Reviews of Geophysics | 1992
Martin O. Jeffries
Ice shelves are thick, floating ice masses most often associated with Antarctica where they are seaward extensions of the grounded Antarctic ice sheet and sources of many icebergs. However, there are also ice shelves in the Arctic, primarily located along the north coast of Ellesmere Island in the Canadian High Arctic. The only ice shelves in North America and the most extensive in the north polar region, the Ellesmere ice shelves originate from glaciers and from sea ice and are the source of ice islands, the tabular icebergs of the Arctic Ocean. The present state of knowledge and understanding of these ice features is summarized in this paper. It includes historical background to the discovery and early study of ice shelves and ice islands, including the use of ice islands as floating laboratories for polar geophysical research. Growth mechanisms and age, the former extent and the twentieth century disintegration of the Ellesmere ice shelves, and the processes and mechanisms of ice island calving are summarized. Surface features, thickness, thermal regime, and the size, shape, and numbers of ice islands are discussed. The structural-stratigraphic variability of ice islands and ice shelves and the complex nature of their growth and development are described. Large-scale and small-scale dynamics of ice islands are described, and the results of modeling their drift and recurrence intervals are presented. The conclusion identifies some unanswered questions and future research opportunities and needs.
Polar Record | 1995
K. Morris; Martin O. Jeffries; W. F. Weeks
A survey of ice growth and decay processes on a selection of shallow and deep sub-Arctic and Arctic lakes was conducted using radiometrically calibrated ERS-1 SAR images.
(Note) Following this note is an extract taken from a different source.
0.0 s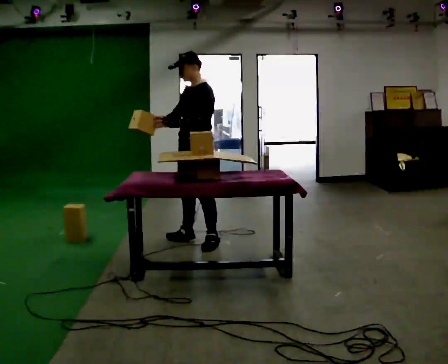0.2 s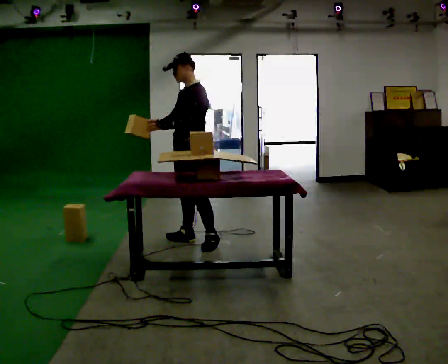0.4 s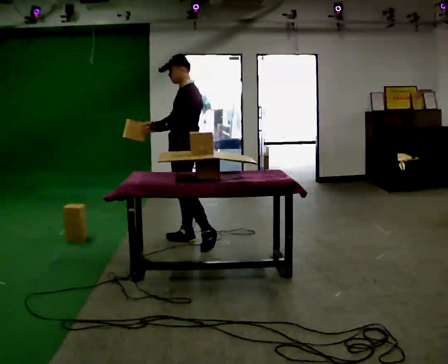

Time series of radar backscatter data were compiled for selected sites on the lakes during the period ot ice cover (September to June) for the years 1991-1992 and 1992-1993. A variety of lake-ice processes could be observed, and significant changes in backscatter occurred from the time of initial ice formation in autumn until the onset of the spring thaw. Backscatter also varied according to the location and depth of the lakes. The spatial and temporal changes in backscatter were most constant and predictable at the shallow lakes on the North Slope of Alaska. As a consequence, they represent the most promising sites for long-term monitoring and the detection of changes related to global warming and its effects on the polar regions.